(Dataset records)
§
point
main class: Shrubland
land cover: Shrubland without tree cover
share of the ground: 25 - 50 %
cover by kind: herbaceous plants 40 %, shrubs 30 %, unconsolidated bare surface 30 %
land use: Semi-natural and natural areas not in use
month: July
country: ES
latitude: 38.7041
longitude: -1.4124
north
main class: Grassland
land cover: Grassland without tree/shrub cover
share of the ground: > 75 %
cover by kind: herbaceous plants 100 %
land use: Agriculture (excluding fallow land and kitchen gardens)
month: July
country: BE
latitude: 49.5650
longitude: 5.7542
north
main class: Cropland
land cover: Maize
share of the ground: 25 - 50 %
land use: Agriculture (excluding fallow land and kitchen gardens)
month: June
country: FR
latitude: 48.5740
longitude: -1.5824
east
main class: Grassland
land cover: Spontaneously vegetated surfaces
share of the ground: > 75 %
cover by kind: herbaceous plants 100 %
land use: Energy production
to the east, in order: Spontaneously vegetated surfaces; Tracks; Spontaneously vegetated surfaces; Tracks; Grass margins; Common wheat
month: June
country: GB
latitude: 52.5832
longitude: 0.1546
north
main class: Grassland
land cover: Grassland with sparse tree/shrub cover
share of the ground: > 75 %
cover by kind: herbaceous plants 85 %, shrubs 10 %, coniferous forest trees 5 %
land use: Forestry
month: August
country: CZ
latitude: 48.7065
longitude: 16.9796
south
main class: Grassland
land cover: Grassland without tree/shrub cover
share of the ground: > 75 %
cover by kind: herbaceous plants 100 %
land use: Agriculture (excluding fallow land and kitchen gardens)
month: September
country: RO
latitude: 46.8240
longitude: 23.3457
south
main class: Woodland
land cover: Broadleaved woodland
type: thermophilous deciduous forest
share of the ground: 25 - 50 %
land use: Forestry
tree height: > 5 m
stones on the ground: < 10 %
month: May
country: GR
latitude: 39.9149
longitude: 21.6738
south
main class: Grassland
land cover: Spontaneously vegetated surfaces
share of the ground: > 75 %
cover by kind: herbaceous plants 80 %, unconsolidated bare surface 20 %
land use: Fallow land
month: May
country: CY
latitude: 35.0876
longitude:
§
What needs to be done >> Reproduce, with no other lines, the one containing "cover by kind: herbaceous plants 80" and all lines after it through the end of the data above.

Exercise result >>
cover by kind: herbaceous plants 80 %, unconsolidated bare surface 20 %
land use: Fallow land
month: May
country: CY
latitude: 35.0876
longitude:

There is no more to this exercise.